Mrs. Dale’s Acquittal

Annie Laurie

San Francisco Examiner/December 27, 1901

MRS. DALE has been acquitted of the murder of her little girl. The Jury has decided that the mother did not give the little girl strychnine pills with the intention of poisoning her.

The evidence showed that the little girl had begged her mother for the pills. She thought they were candy, and she would not believe her mother when she said they were poison. And so when her mother was asleep the child rose, walked over to the dressing table where the mother had left them within easy reach, ate them and died.

The Jury has set that mother free.

I wonder if her conscience will follow the jury’s example?

A woman who leaves deadly poison within reach of a baby may not be a murderer at heart, but she comes perilously near being one in reality.

I sat behind a woman and a little boy in the train the other day. The woman was evidently very tired. She leaned her head against the back of her seat and was half asleep.

The little boy was wide awake. He had a large clasp knife hung about his neck by a string, and he opened the knife and had fun jabbing at the air with the glittering blade.

Every time the train stopped or started the blade lunged fiercely. Once it came so near to the boy’s eyes that I feared to look, to see what it had done to him. At last I could stand it no longer. I leaned over and spoke to the woman.

“Pardon me, madam.” said I; “I don’t like to disturb you, but the little boy will hurt himself with that knife, I am afraid.”

The woman smiled amiably up at me.

“Oh, that is all right,” she said. :Johnny, shut the knife.”

In a minute or two Johnny had the knife open and mamma was half asleep again. I went into another car. I didn’t know what else to do. I could not take the knife away from the child.

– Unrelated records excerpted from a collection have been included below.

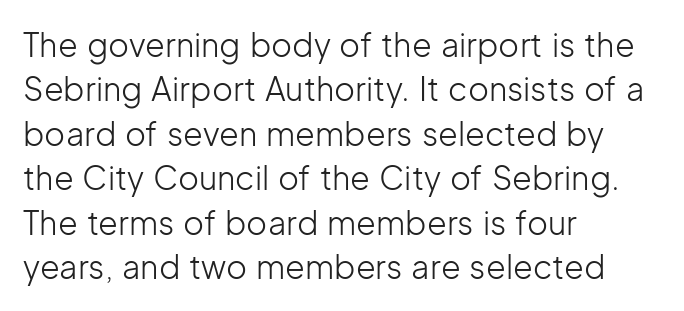
Q: Is the text bold? A: No.
Q: Is the text italic (slanted)? A: No, it is upright.
Q: Is the typeface a serif or a sans-serif typeface? A: Sans-serif.
Q: Is the text underlined? A: No.
Q: How is the paragraph aligned? A: Left-aligned.
Q: Is the spacing between letters normal or unusually wide? A: Normal.
Q: Is the spacing between lines tight, normal or loose? A: Normal.
Q: Width (condensed, normal, or wide)? A: Normal.
Q: Stroke contrast? A: Low.
Q: x-height? A: Medium.
Q: Monospaced? A: No.
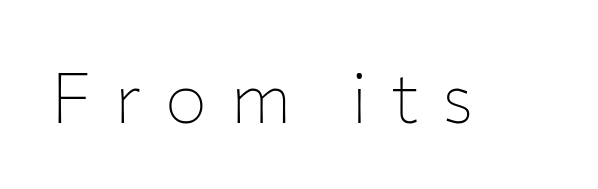
Vertical strokes here are truly vertical. These lines are composed in type without serifs. Compared with a typical body face, this is equally light or lighter still. The foot of each line stays bare and open.
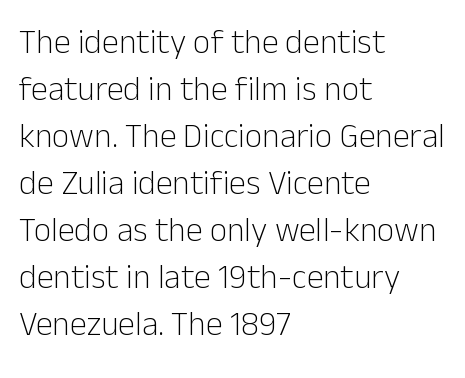
These lines are rendered in a variable-pitch font. This sample keeps an unexceptional amount of space between lines. Lines of text with bare space underneath. Serif or sans? Sans — the stroke terminals are bare.
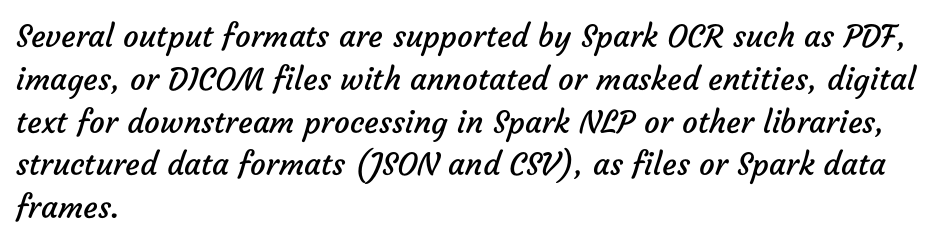
The rendering uses a moderate line-height, typical for paragraphs. The font is comparable to plain body text, perhaps lighter. The rendering shows plain stroke endings on the letterforms — a sans-serif design. The face used here is proportionally spaced, like ordinary book or web type.
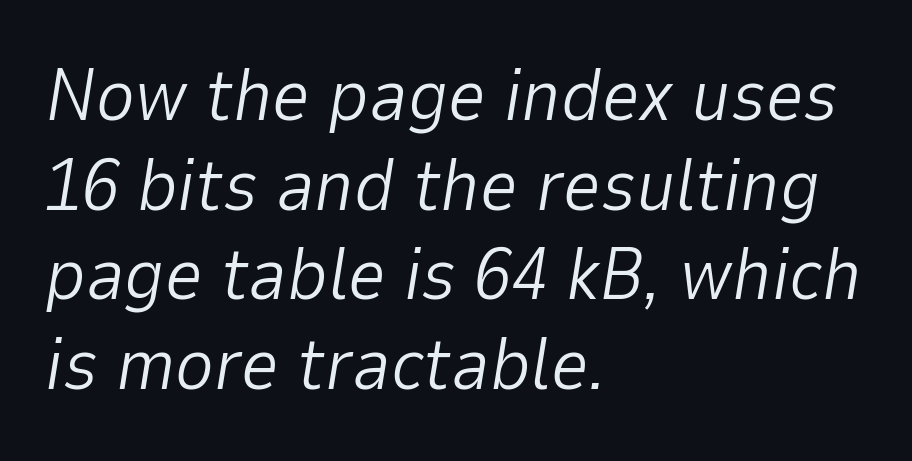
{"italic": "yes", "lean": "right", "slant_degrees": 9, "bold": "no", "weight": "light", "width": "normal", "stroke_contrast": "low", "x_height": "medium", "monospaced": "no", "underline": "no", "align": "left", "line_spacing_ratio": 1.21, "letter_spacing": "normal", "letter_spacing_em": 0.0, "glyph_px": 74}
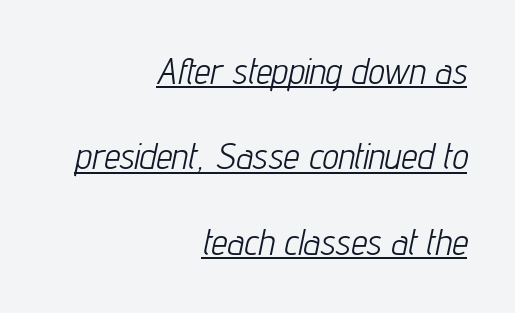
The image shows 36 px light, condensed type, italic (leaning right); set right-aligned, loose line spacing (2.37x), normal letter spacing, underlined; low stroke contrast and a medium x-height.
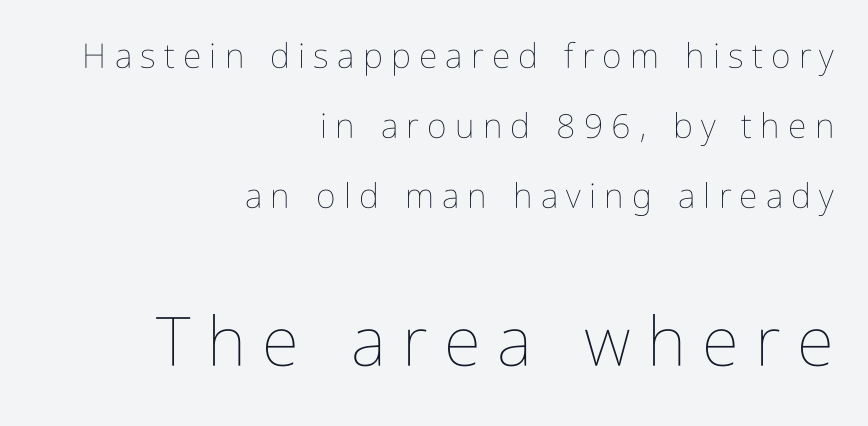
Q: Is the text bold? A: No.
Q: Is the text italic (slanted)? A: No, it is upright.
Q: Is the text underlined? A: No.
Q: How is the paragraph aligned? A: Right-aligned.
Q: Is the spacing between letters normal or unusually wide? A: Unusually wide.
Q: Is the spacing between lines tight, normal or loose? A: Loose.
Q: Which block of text is set in a larger size, the first (top) or the second (bottom)? A: The second (bottom) one.
Q: Width (condensed, normal, or wide)? A: Condensed.
Q: Stroke contrast? A: Low.
Q: x-height? A: Medium.
Q: Monospaced? A: No.
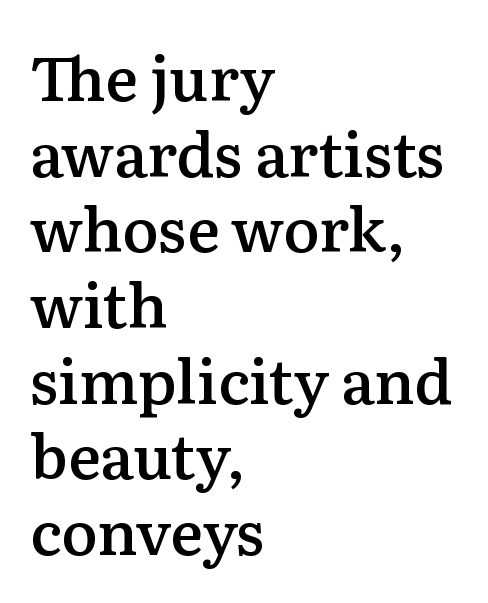
The image shows 61 px semibold serif type, upright; set left-aligned, line spacing 1.24x, normal letter spacing, not underlined; medium stroke contrast and a medium x-height.

Now, if that little boy jabs his eyes out with that knife, that woman will probably call on heaven to know why she is afflicted with such a sorrow.

I saw a woman give a nine-months-old baby a toasting fork to play with once, and she hated me ever after because I told her she was careless.

Last summer there was an epidemic of crime In Denver, Colo. Burglary, hold-ups, and finally murders.

The whole outbreak was traced to a gang of boys whose parents lived in the most fashionable part of the city. In the evidence it came out that not one of these boys’ mothers knew, or even pretended to try to know, where her boys were from dinner time to bed time. They were dreadfully disturbed when they found out.

A man who is making a wide streak in the atmosphere where he lives by his marvelous business enterprises is a broken-hearted and disappointed man because the wife he supports in luxury will not take the least trouble to manage or direct her children.

They are growing up to be a disgrace to their family and a sorrow to the mother who bore them, simply because she is too lazy and too self- indulgent to pay the proper attention to them.

A mother cannot do everything. There are some children who are beyond all control, but she can at least sit up and look interested when the child she has brought into the world is playing with a hungry and greedy knife. And she can take the very small and not overwearing trouble to put the bottle of poison beyond its foolish little fingers.

If she is too busy or too tired to do these things, she must be too busy and too tired to hear the name that the hard-hearted world will be apt to call her when the mischief Is done.